In efficacy-evaluable patients with relapsed or refractory MZL treated with liso-cel (n=66), liso-cel demonstrated clinically meaningful benefit, with high rates of durable responses. The overall response rate (ORR) was 95.5% (95% CI: 87.3-99.1; one-sided p<0.0001), with 62.1% of patients achieving a complete response (CR) (95% CI: 49.3-73.8; one-sided p<0.0001) by independent review committee per CT. With a median follow-up of 21.6, 23.8, and 24.5 months, respectively, the 24-month rates were 88.6% for duration of response, 85.7% for progression-free survival, and 90.4% for overall survival.
Liso-celexhibited a consistent safety profile, with low rates of severe cytokine release syndrome (CRS) and neurologic events (NE) with no new safety signals observed. Any grade CRS occurred in 76% of patients, with Grade 3 CRS occurring in 4% of patients and no Grade 4/5 CRS reported. Any grade NEs were reported in 33% of patients, with Grade 3 NEs occurring in 4% of patients and no Grade 4/5 NEs reported. The study will continue to evaluate ORR and safety in patients through the final analysis.
“MZL is an indolent disease but remains an area of high unmet need for patients who are relapsing and reaching later lines of treatment,” said Rosanna Ricafort, vice president, Senior Global Program Lead for Hematology and Cell Therapy, Bristol Myers Squibb. “We are proud to present for the first time the primary analysis data from the MZL cohort of TRANSCEND FL, underscoring our commitment to unlock the full potential of cell therapy to help patients living with relapsed or refractory lymphomas. As highlighted by the data at ICML, Breyanzi continues to cover the broadest patient eligibility of any CAR T for B-cell malignancies and demonstrates a safety profile consistent with clinical trials and in the real-world setting for approved indications.”

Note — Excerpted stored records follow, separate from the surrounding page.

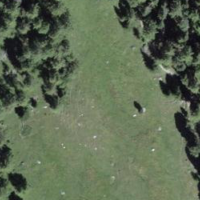
EUNIS habitat code: 43
Species observed at this site:
Bistorta vivipara
Stauroderus scalaris
Boloria titania
Cervus elaphus
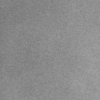
Label: dusty
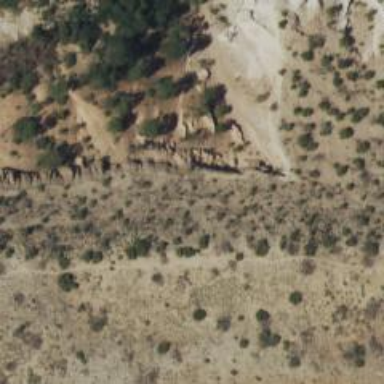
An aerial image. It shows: Cliff in nature.
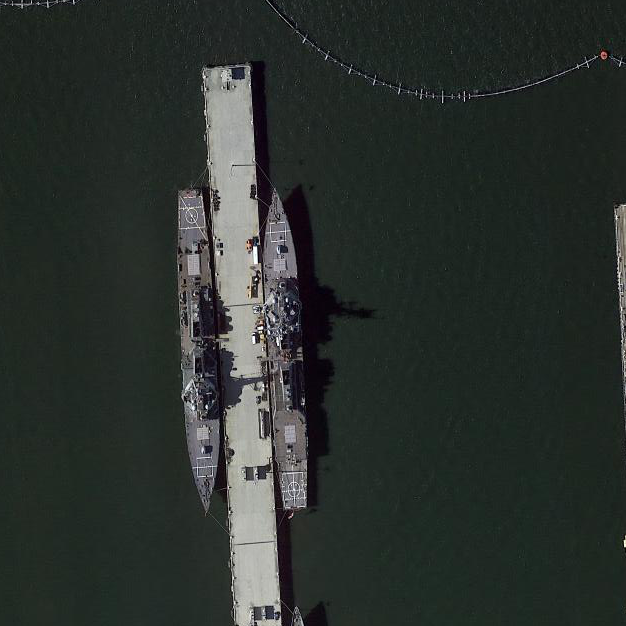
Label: destroyer
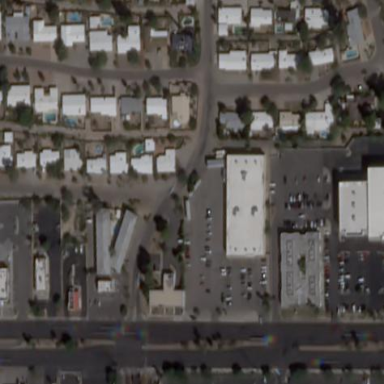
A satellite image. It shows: Retail area.
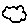
Label: cloud
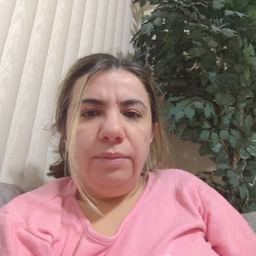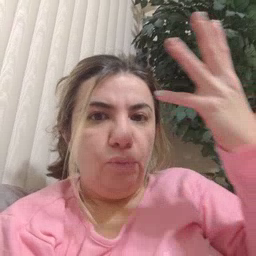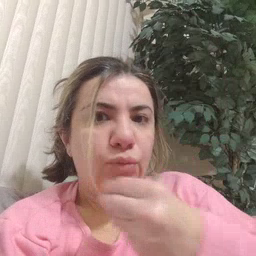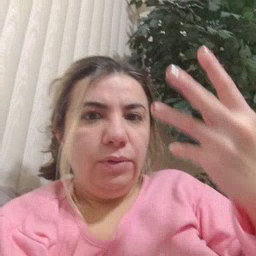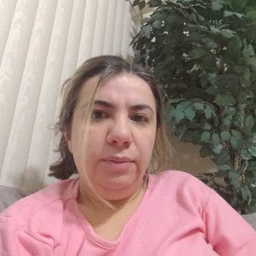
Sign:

Additional key Bristol Myers Squibb data presentations on liso-celat ICML 2025 include:
Title: Lisocabtagene maraleucel in R/R FL (TRANSCEND FL): impact of prior lines of therapy, bendamustine exposure, and disease progression ≤24 months of initial systemic therapy
Oral presentation: Thursday, June 19
Key findings: Results support the sustained clinical benefit and safety profile of liso-cel for patients with R/R regardless of POD24 status and prior bendamustine exposure with a trend for better outcomes in earlier lines of therapy.

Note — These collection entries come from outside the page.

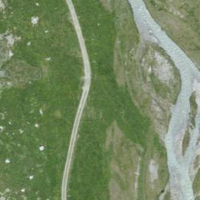
EUNIS habitat code: 26
Species observed at this site:
Chamaenerion fleischeri
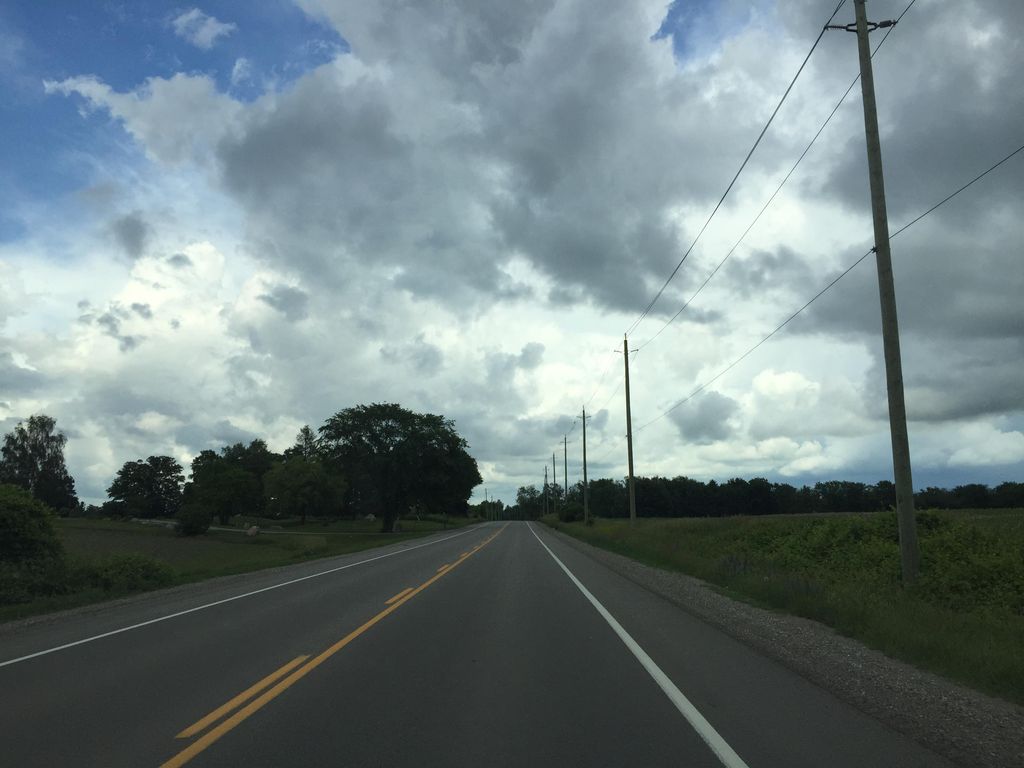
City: kitchener-waterloo
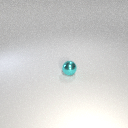
small cyan metal sphere
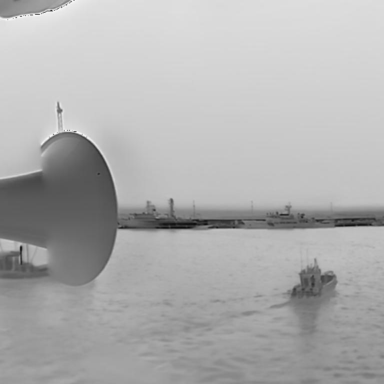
There is a bulk_carrier in the infrared image.

Title: Matching-adjusted indirect comparison of lisocabtagene maraleucel versus epcoritamab in patients with third-line or later relapsed or refractory follicular lymphoma
Poster session: Thursday, June 19
Key findings: The data support liso-cel as an effective treatment for patients with third-line plus R/R FL, potentially offering improved efficacy over epcoritamab in this setting.
Title: Comparative outcomes of lisocabtagene maraleucel (liso-cel) versus an external control arm (ECA) in third-line or later (3L+) R/R follicular lymphoma (FL)
Poster session: Friday, June 20
Key findings: Liso-cel appeared to show better efficacy than SOC therapies in patients with third-line plus R/R FL, further supporting it as an important treatment option to improve patient outcomes in this setting.
Title: Optimizing post–chimeric antigen receptor T cell monitoring: evidence across lisocabtagene maraleucel pivotal clinical trials and real-world experience (recently presented at the American Society of Clinical Oncology meeting)
Poster session: Friday, June 20
Key findings: Results showed that most cytokine release syndrome and immune effector cell-associated neurotoxicity syndrome events in patients treated with liso-cel occurred less than 2 weeks after infusion and were not severe, providing insight into the onset of these events across clinical trials and in the real-world setting.
Bristol Myers Squibb thanks the patients and investigators involved in the clinical trials.